Problem details
Please count the lines in the entries below that include the word "after", and give only the number.

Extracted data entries
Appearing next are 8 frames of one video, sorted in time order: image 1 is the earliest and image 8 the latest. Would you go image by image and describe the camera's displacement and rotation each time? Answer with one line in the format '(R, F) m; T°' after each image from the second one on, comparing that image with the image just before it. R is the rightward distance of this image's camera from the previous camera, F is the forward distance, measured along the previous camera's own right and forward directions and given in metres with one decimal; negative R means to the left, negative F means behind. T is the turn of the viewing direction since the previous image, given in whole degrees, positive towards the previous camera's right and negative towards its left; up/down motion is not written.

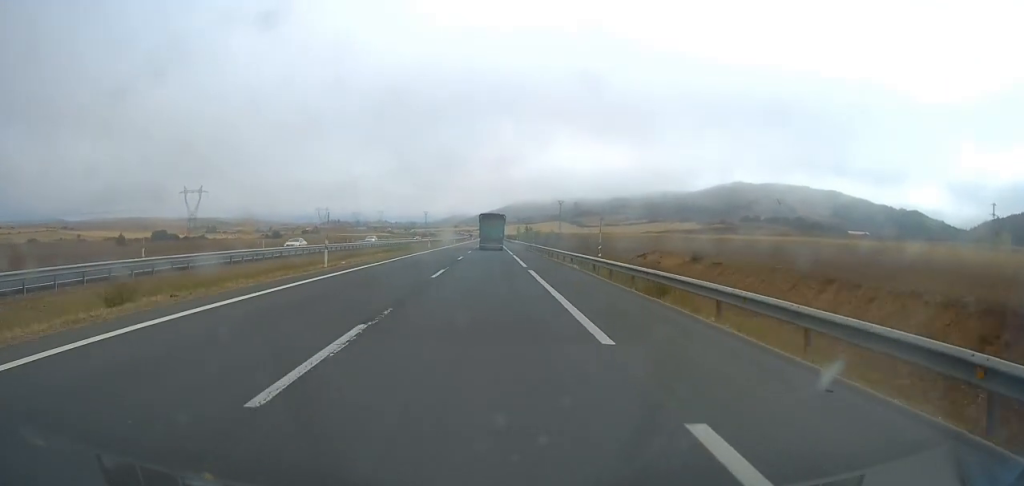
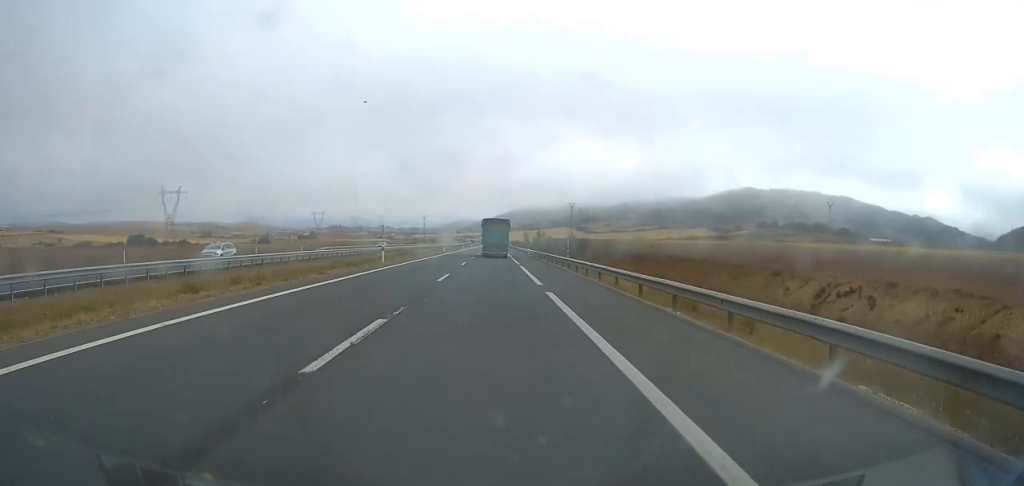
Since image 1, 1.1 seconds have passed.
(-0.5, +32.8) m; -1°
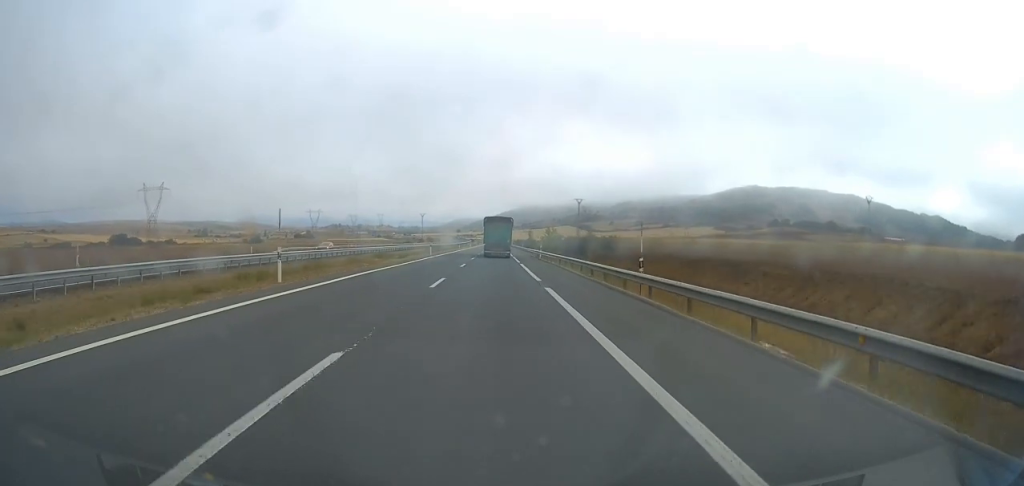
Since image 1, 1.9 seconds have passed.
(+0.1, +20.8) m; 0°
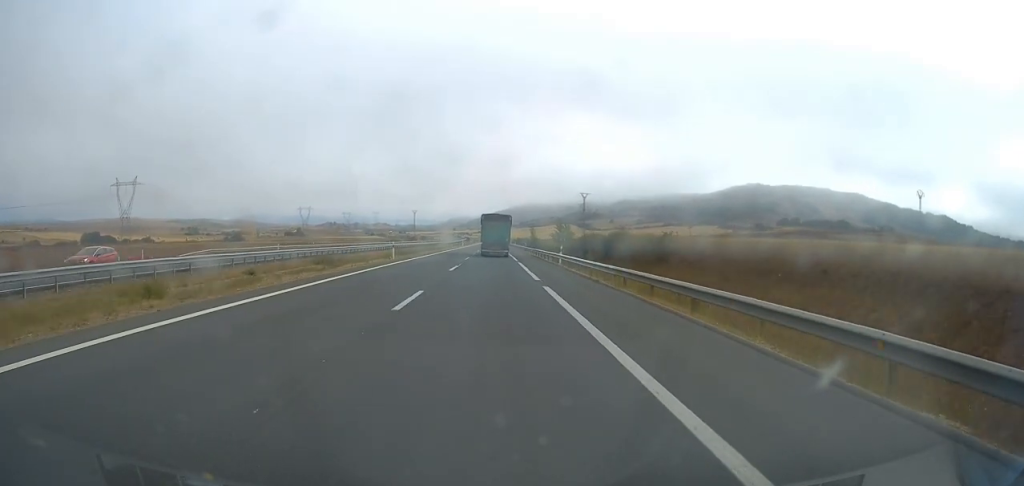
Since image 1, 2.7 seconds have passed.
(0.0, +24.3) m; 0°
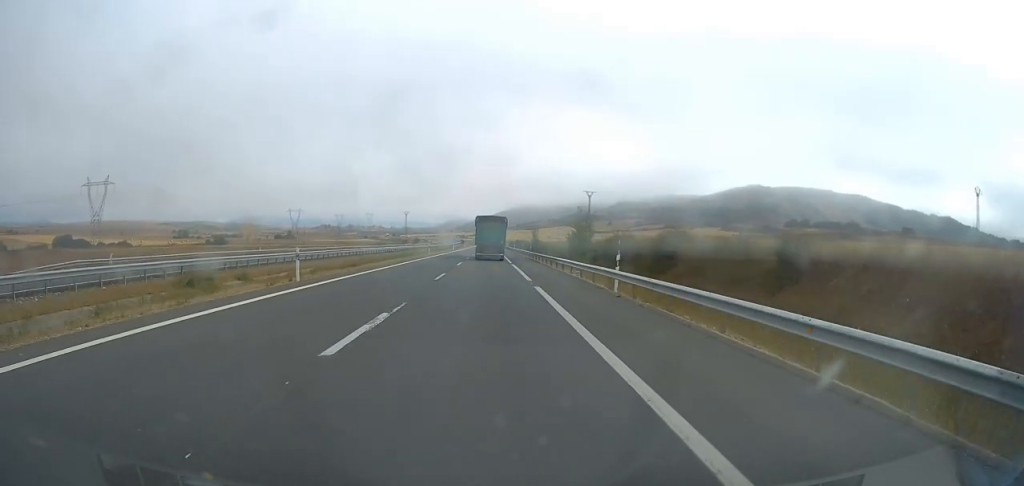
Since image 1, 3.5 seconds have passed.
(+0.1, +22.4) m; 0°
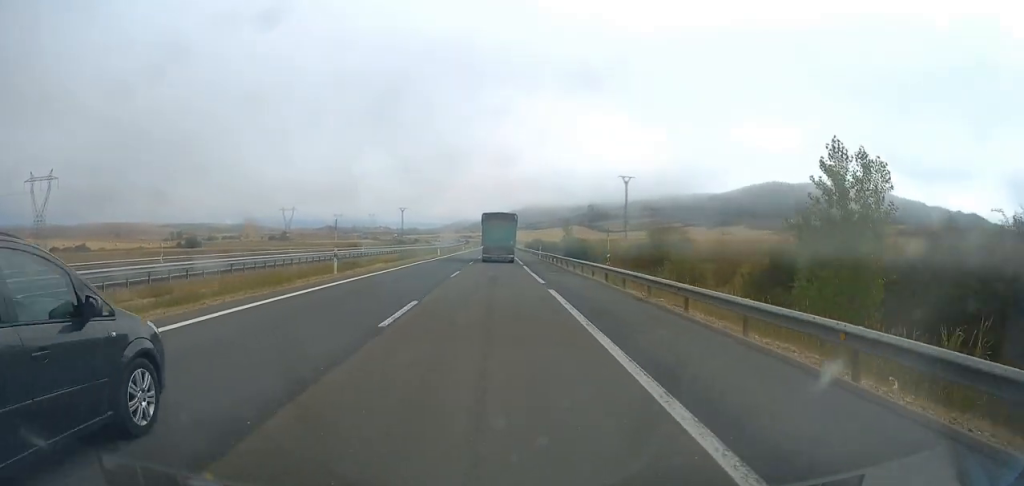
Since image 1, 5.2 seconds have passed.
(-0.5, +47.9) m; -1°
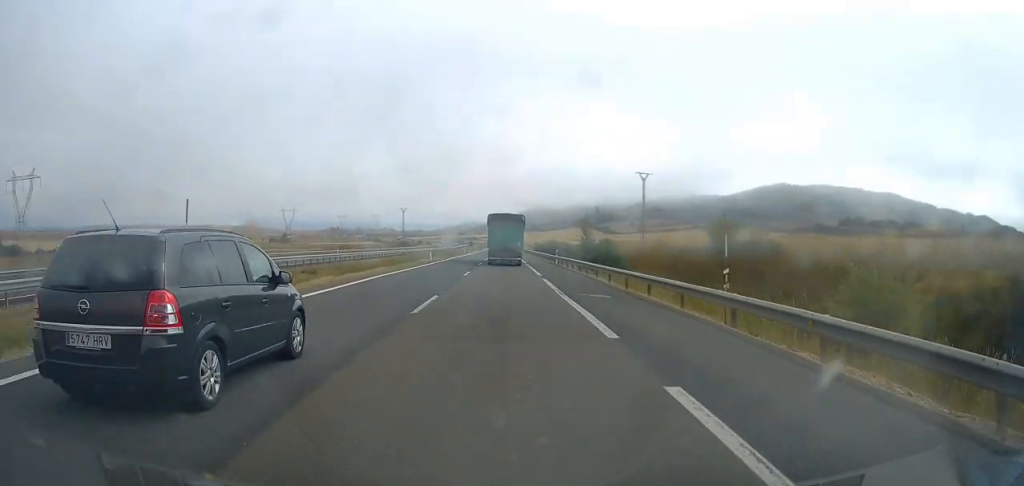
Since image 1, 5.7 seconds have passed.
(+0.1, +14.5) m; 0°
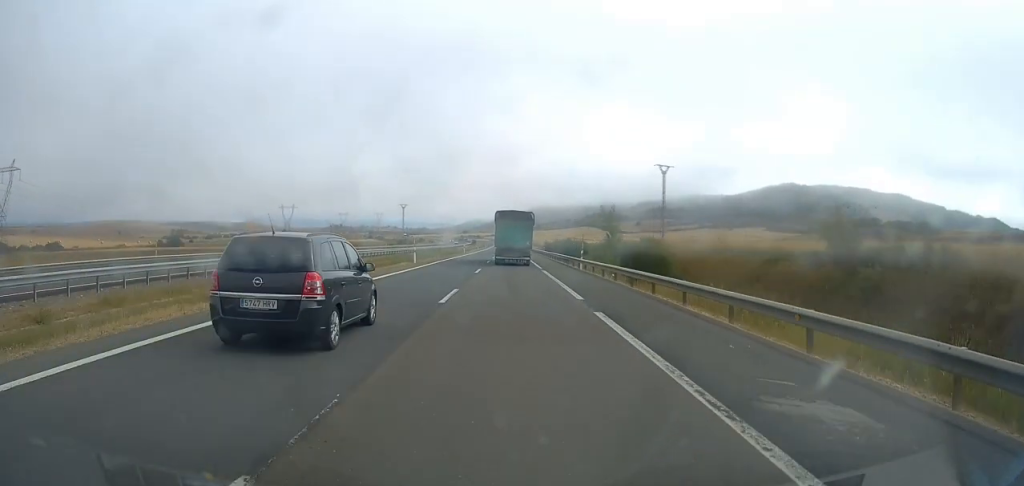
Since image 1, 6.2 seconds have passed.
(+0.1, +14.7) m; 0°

* * *

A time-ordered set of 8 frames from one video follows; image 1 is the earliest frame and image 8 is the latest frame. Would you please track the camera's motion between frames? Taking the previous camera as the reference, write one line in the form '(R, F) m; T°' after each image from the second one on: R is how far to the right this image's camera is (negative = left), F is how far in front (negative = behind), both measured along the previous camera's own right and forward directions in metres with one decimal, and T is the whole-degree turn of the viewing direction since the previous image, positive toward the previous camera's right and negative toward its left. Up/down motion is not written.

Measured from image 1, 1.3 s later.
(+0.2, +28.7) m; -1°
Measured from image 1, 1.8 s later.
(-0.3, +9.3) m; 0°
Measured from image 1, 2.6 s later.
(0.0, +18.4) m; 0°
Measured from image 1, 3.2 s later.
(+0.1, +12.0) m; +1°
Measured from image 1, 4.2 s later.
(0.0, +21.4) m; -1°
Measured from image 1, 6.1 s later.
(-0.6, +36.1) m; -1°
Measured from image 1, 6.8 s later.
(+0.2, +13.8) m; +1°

* * *

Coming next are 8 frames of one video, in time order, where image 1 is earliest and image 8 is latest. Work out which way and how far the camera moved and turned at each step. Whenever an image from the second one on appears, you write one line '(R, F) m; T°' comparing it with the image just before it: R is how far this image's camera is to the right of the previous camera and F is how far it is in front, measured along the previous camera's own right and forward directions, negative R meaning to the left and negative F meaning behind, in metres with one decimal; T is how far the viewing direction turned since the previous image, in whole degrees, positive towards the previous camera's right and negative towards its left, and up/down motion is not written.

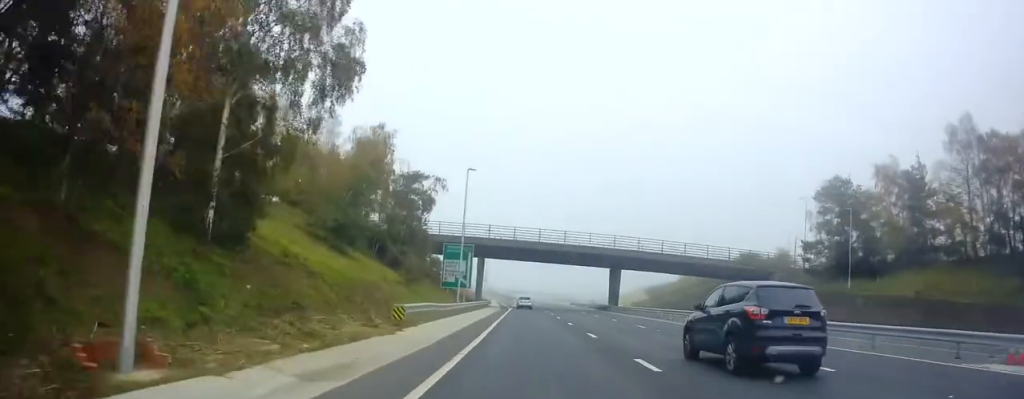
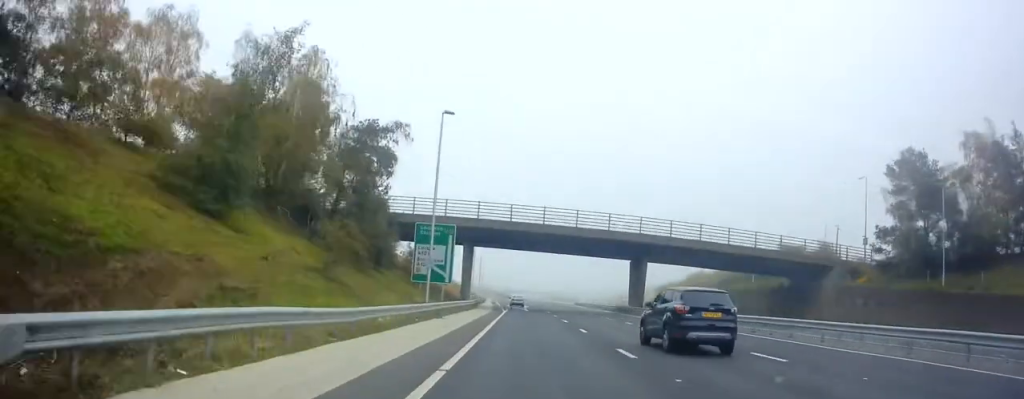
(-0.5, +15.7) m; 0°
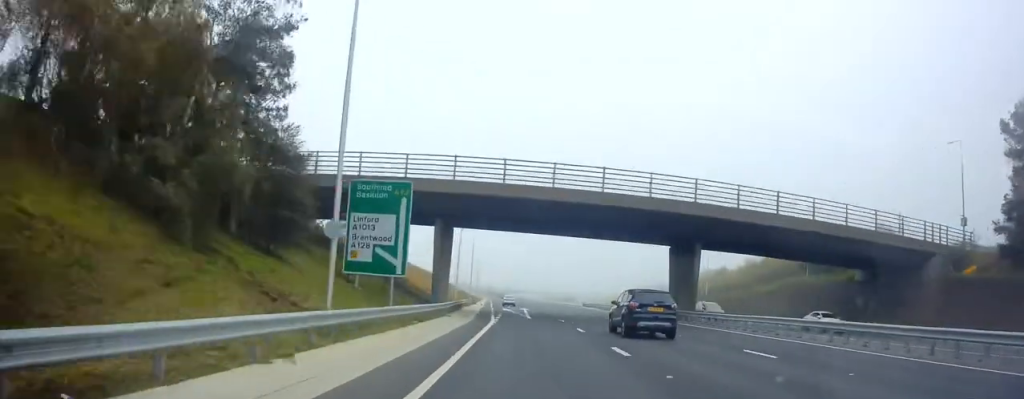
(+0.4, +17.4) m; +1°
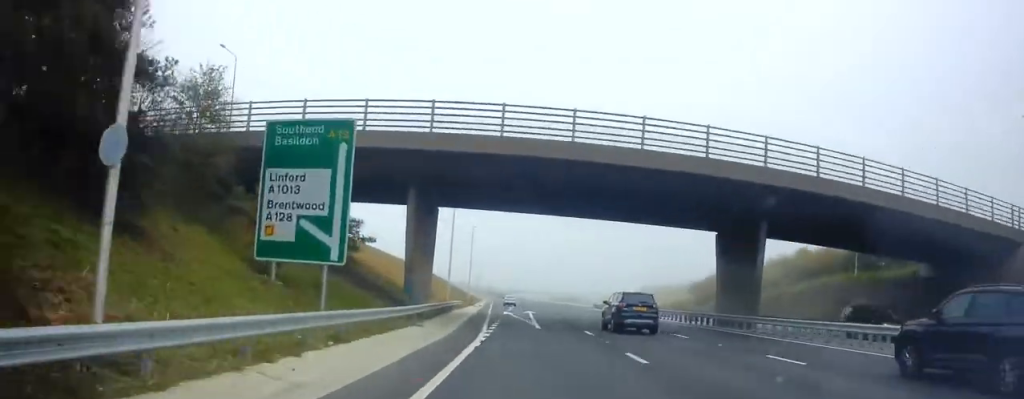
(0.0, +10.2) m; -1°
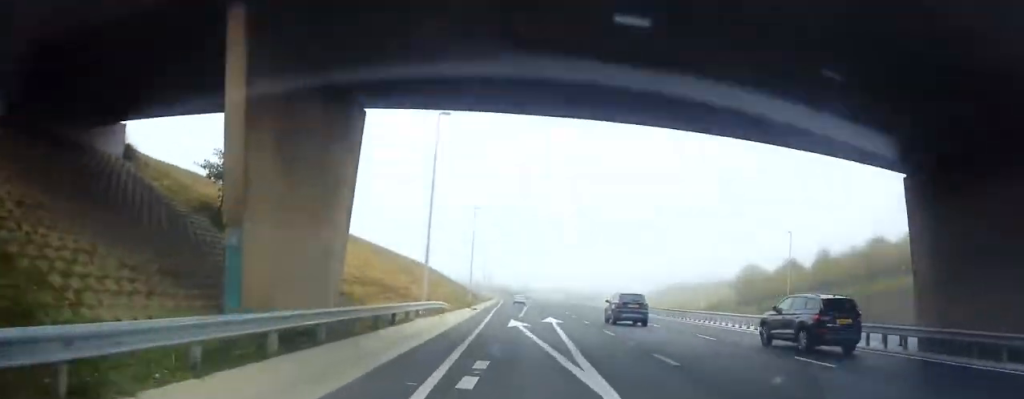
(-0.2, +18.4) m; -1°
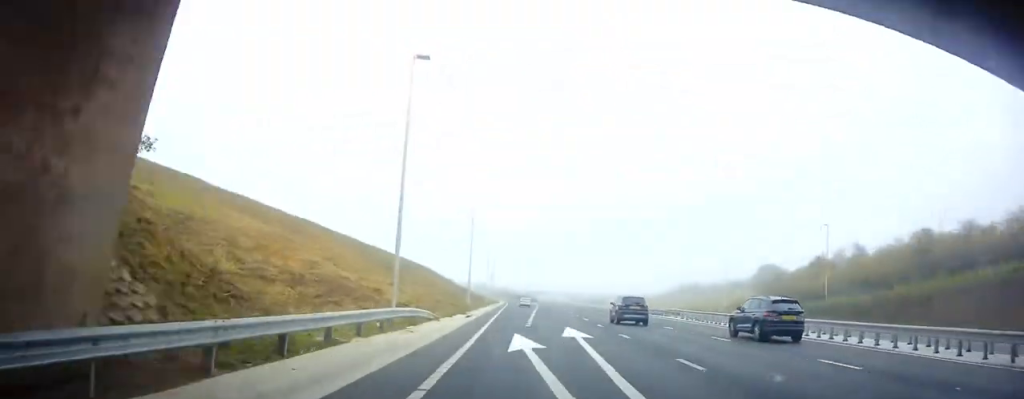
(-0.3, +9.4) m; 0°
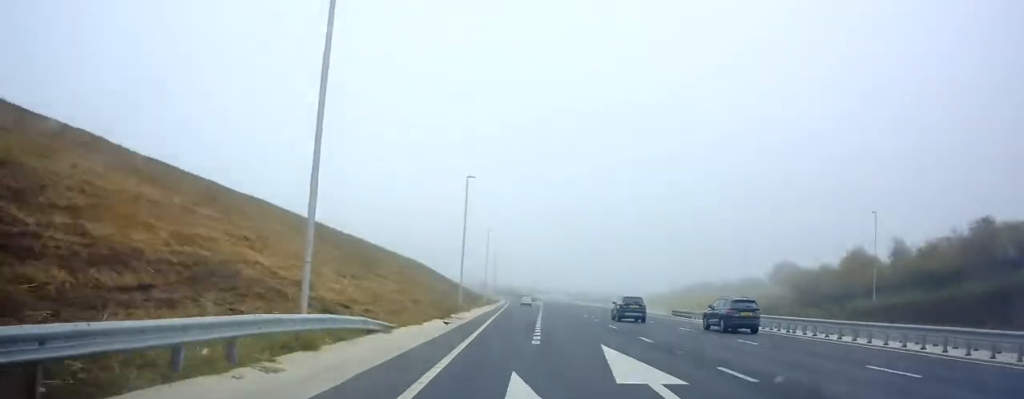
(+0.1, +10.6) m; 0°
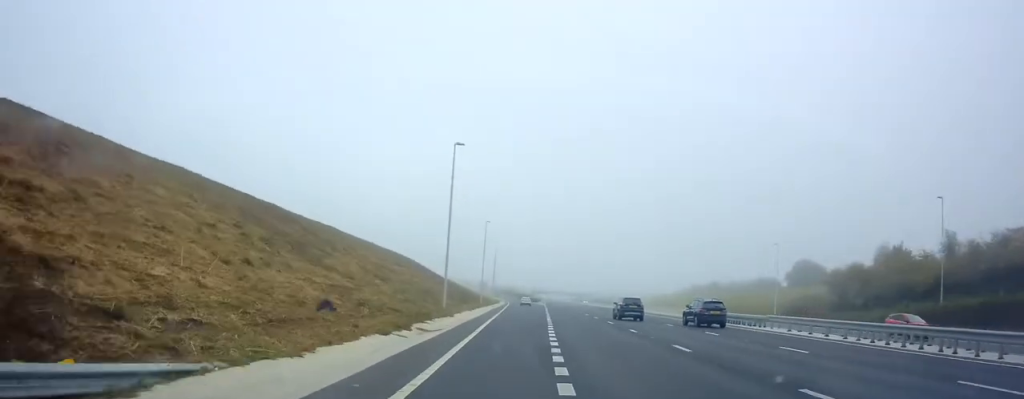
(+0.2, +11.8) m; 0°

Solution for this exercise
2